SCP-711において、このデータの行き先が重要なポイントだ。
このデータの行き先、それは
過去である。
つまりSCP-711が受信するデータは未来のもの、ということになる。
現時点では17個のメッセージを受け取っており、一応全て財団が間違いなく送信したものである。
問題は17個目のデータであり、これはSCP-711が作られて10年の月日が経ってから検出されたもののようだ。
詳細は不明ではあるものの、どうやらこのデータは347文字の文字列からなり、最初の50文字は財団の職員によって送信されたことが確実に分かるものだったらしい。ちなみに送信日時は分かっておらず、現時点まで17個目のデータが送信されていないらしい。
過去へデータを送ることのできる装置。
それがSCP-711の正体だったのである。
さて、
なぜあそこまで収容方法が厳重なのか?
なぜ操作することをあそこまで禁止するのか?
そして、
なぜここまで17個目のデータに拘るのか?
と、少し疑問に思ったのではないだろうか。
過去にデータを送ることができるだけであって地球を木っ端微塵にしたり生態系を一気にぶっ壊せたりなどができるわけではない。
だが、財団としては決して17個目のデータを送信するわけにはいかないのだ。
なぜならば。
この17個目のデータこそ、財団と人類すべてが存続していることを保障しているからである。
17個目のデータの内容が重要なのではない、これそのものが送信されてきたことこそが何よりも重要なことなのである。
どういうことなのか?
このSCPは過去にしかデータを送信することはできない。
そして17個目のデータが送信された日時は未だに不明だが、少なくともいずれ訪れる未来で送信されることは確定している。
そして17個目のデータを送信するというその未来を限界まで先送りすることで、少なくとも財団の存続はほぼ確実に保証されることになる。
なぜあそこまで収容方法が厳重なのか?
それはSCP-711を決して操作させない為。
なぜ操作することをあそこまで禁止するのか?
それは決して17個目のデータを送信させない為。
なぜここまで17個目のデータに拘るのか?
それは送信されてしまえば財団、そして人類存続の保障を完全に失うことになってしまう為。

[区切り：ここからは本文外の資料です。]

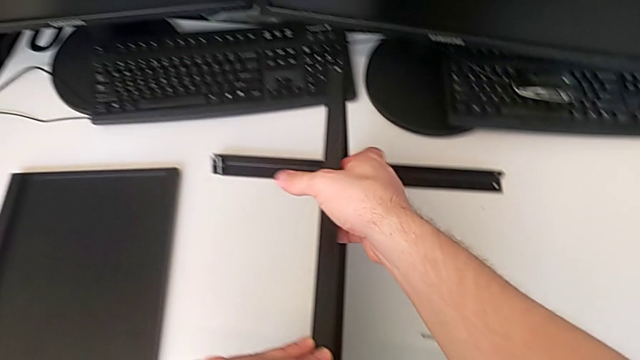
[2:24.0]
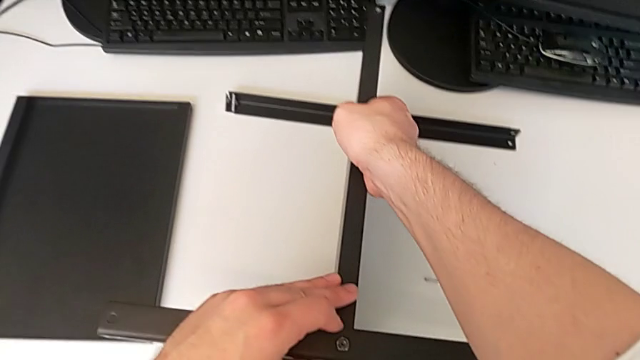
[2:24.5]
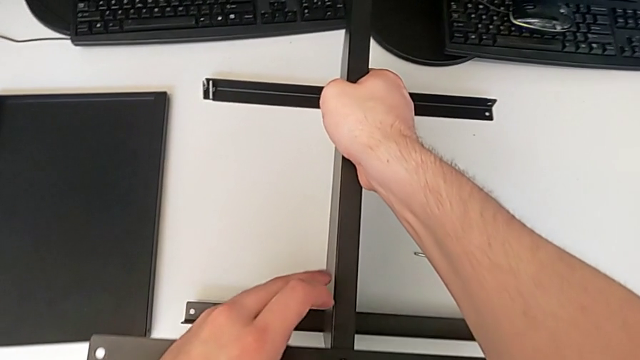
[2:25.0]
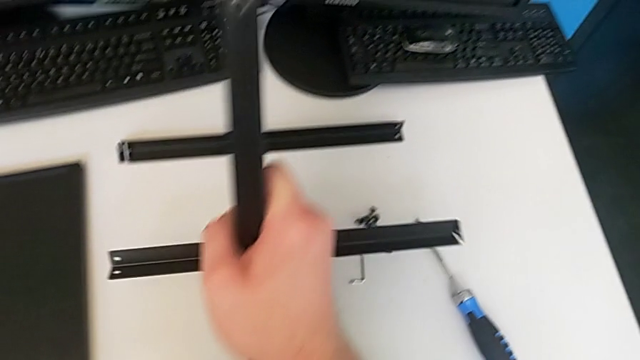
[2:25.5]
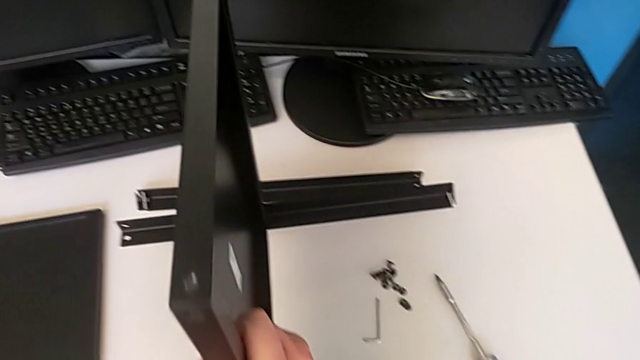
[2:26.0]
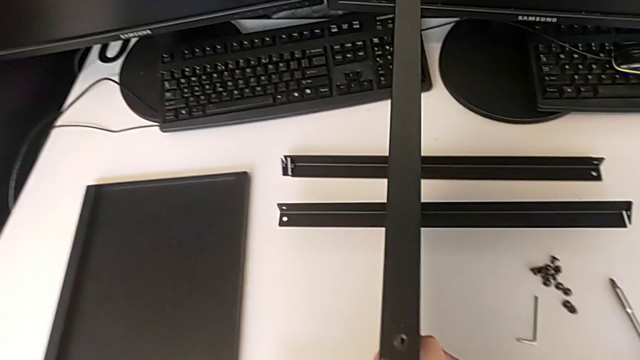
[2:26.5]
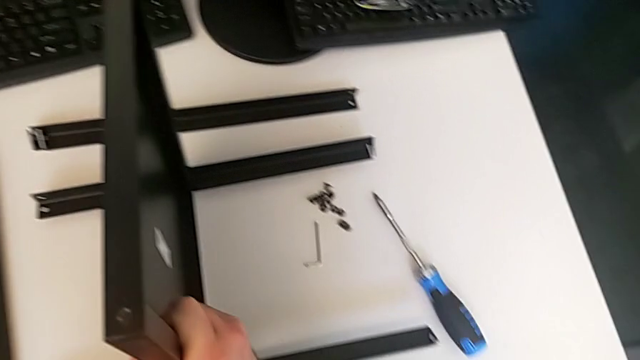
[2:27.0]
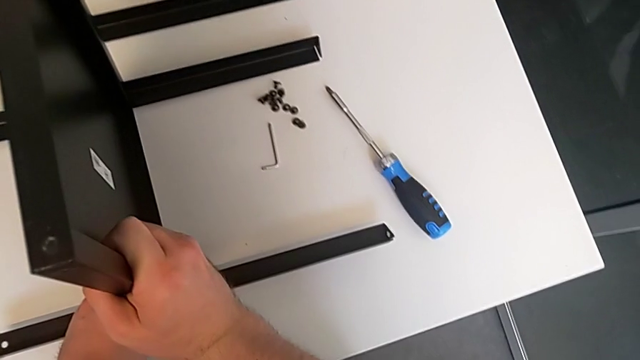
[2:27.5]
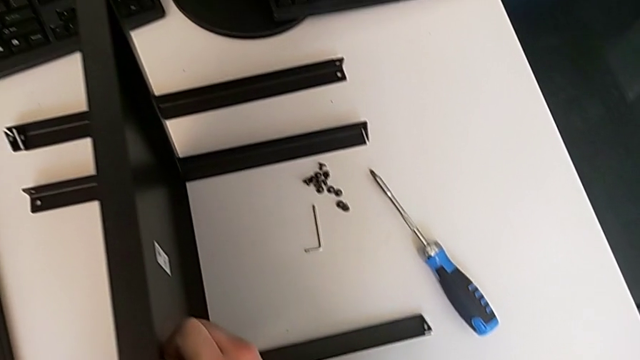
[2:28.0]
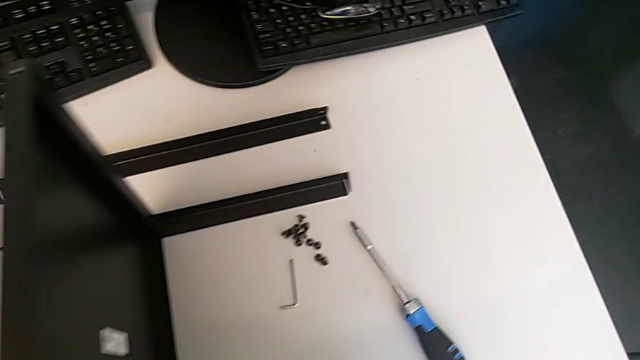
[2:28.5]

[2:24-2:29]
The camera wearer is screwing the third screw. They rotate the fourth hex socket head.

17個目のデータを送信を延期するためであれば、財団はいかなる対価でも支払うつもりだ。
だが、もし。
17個目のデータがされるような状況になってしまったら?
そんな状況下では財団は事実上存在していないだろう―
それが財団の見解だ。
最後に、この報告書に付けられたメモを引用して、この記事を締める。
SCP-711はある種の保険証書です。
我々は、文字列17が送信されるまではどんな危機に瀕しても生き残れると知っています—そうでなければ、文字列17はBLクラス予定説に矛盾します。
一度それが送信されてしまえば、もはや我々は保険を失います。
ええ、我々はいつかの時点で必ず失敗するでしょう:結局のところ、我々は文字列17を受信しているのですから。
しかし、我々はその送信を引き伸ばせば、それだけ長く生存し続けられることを知っています。
通信を止めてください、皆さん
——我々が存在していられるかは、そのことに依存しているのですから。